A Swedish gaming platform headquartered in Stockholm serves 12 million active users across 190 countries, with the largest player concentrations in the Nordics, Western Europe, Southeast Asia, and Latin America. Email is operational infrastructure for the business: two-factor authentication codes, password resets, purchase confirmations, refund notifications, and — at a separate cadence — promotional announcements for in-game events and seasonal content. In late 2023, the security engineering team surfaced a correlation that reframed how the company thought about its email infrastructure.

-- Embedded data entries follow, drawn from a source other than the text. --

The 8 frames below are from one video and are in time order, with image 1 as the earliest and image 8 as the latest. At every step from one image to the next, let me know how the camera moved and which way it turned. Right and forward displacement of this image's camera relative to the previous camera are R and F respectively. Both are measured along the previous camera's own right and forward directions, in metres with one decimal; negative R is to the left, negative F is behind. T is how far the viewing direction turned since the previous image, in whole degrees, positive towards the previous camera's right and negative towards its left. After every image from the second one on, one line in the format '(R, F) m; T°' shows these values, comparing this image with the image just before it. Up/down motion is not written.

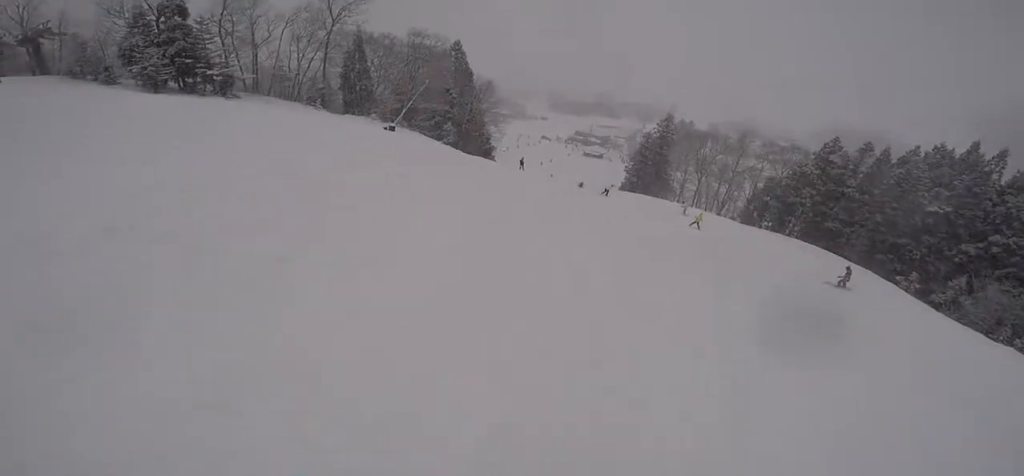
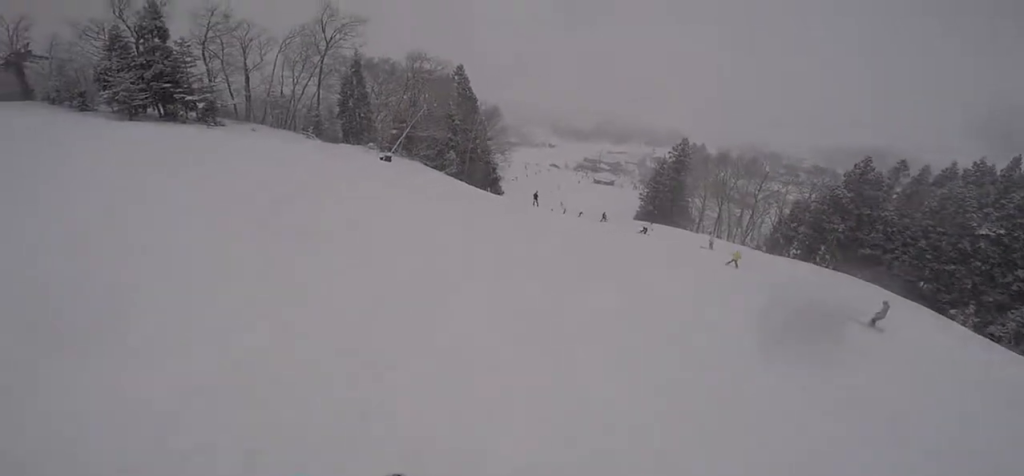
(+0.1, +4.2) m; -9°
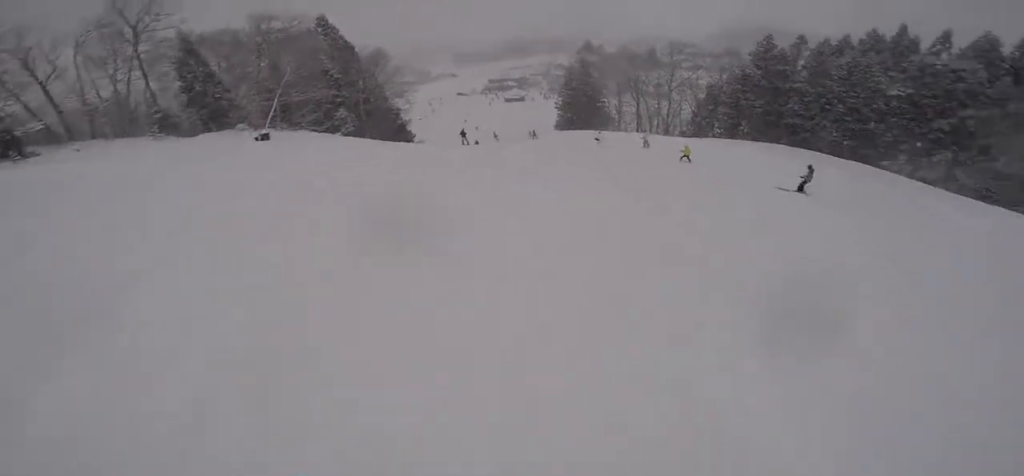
(-1.0, +3.5) m; 0°
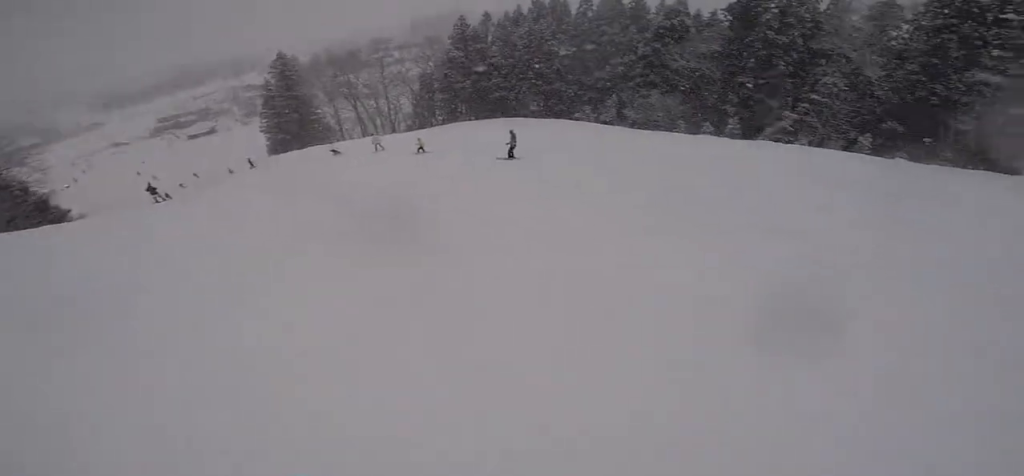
(+0.2, +3.1) m; +17°
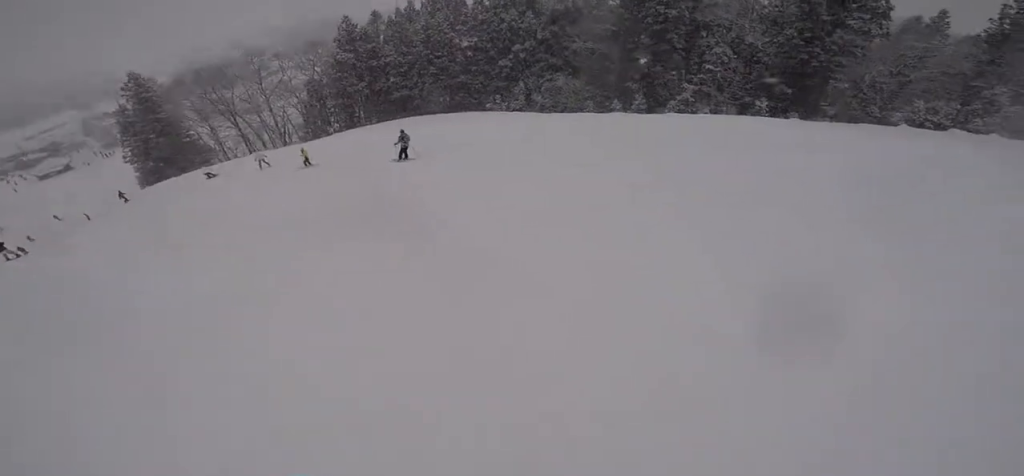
(0.0, +2.1) m; +18°
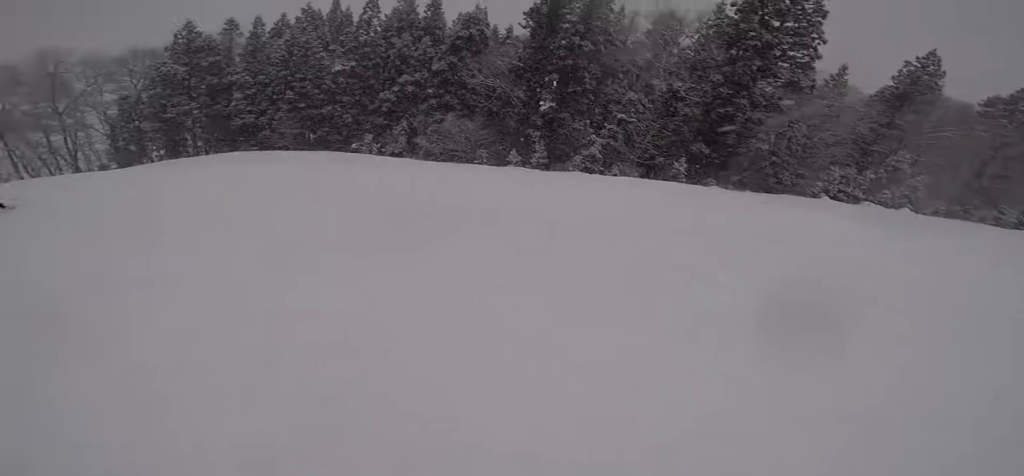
(+5.9, +8.2) m; +31°
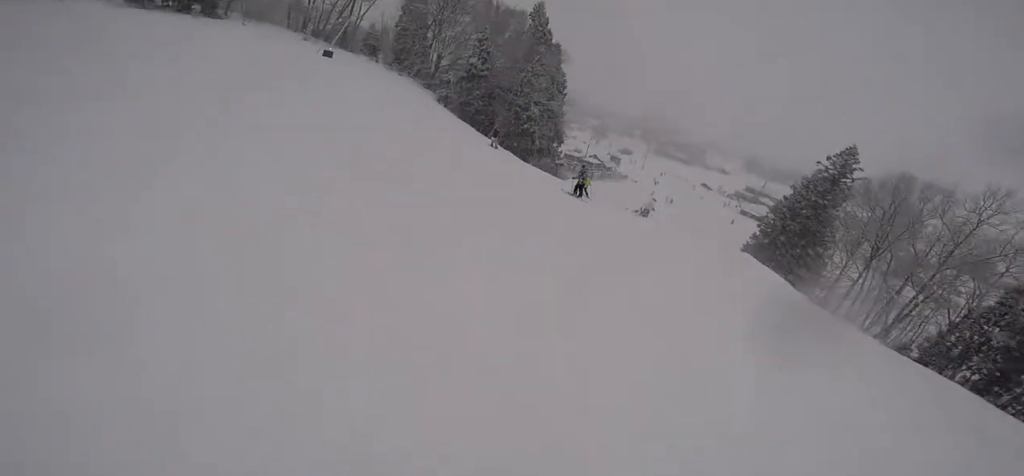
(-8.4, +6.7) m; -95°
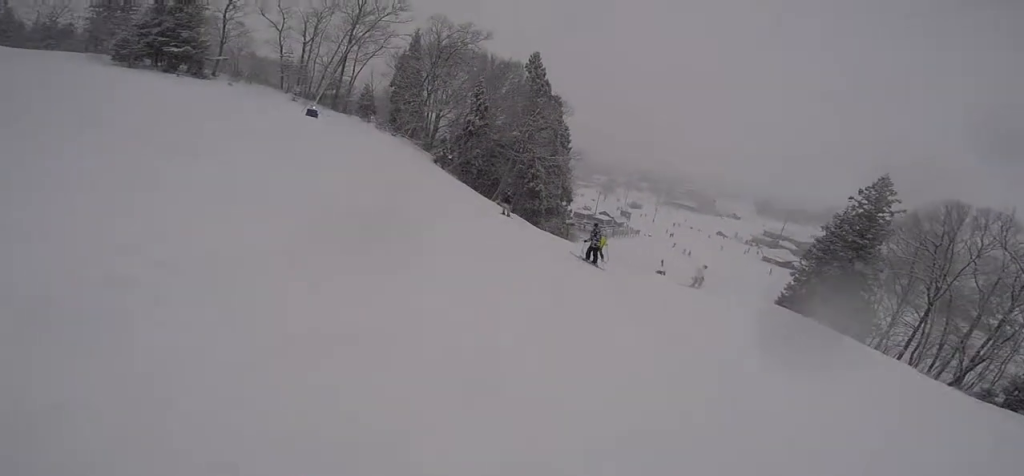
(-0.4, +3.4) m; -10°

Internal security analytics showed that 31% of account compromise events in the preceding six months had been preceded by a failed 2FA code delivery. The pattern was consistent: a player attempts to log in, 2FA is triggered, the code email does not arrive within the 90-second window the authenticator expects, the player either requests repeated codes (fragmenting the delivery pattern further) or falls back to recovery options — SMS-based recovery, email support tickets, or in some cases third-party account-recovery tools whose security properties the platform could not verify. Once the session state was disrupted, attackers with partial credential knowledge were succeeding at a rate the security team considered unacceptable.
Presenting Problems
- 2FA email delivery rate globally at 78%, with average delivery latency of 4.2 seconds — above the 2-second threshold where player behaviour starts to shift toward workarounds
- 31% of account compromise events preceded by failed or delayed 2FA delivery — a direct security-to-email causation
- Southeast Asian delivery rate at 58%, Latin American at 61% — regional ISPs with aggressive filtering treating the platform's gaming-associated content as suspicious
- Single sending stream mixing security-critical (2FA, password reset), transactional (purchase confirmations), and promotional (in-game event announcements) with complaint rates of 0.18% on promotional dragging down reputation for security
- No retry logic differentiation between message types — a deferred 2FA code retried at the same cadence as a promotional newsletter
- No regional infrastructure — all traffic routed through a single European datacenter regardless of recipient geography
The security correlation made the engagement urgent in a way that most email-infrastructure engagements are not. A 2FA failure is not a deliverability inconvenience; it is an active security event in progress. The first intervention was not full migration — it was routing 2FA and password-reset traffic onto clean, low-contention infrastructure while the full priority-tiered architecture was built around it.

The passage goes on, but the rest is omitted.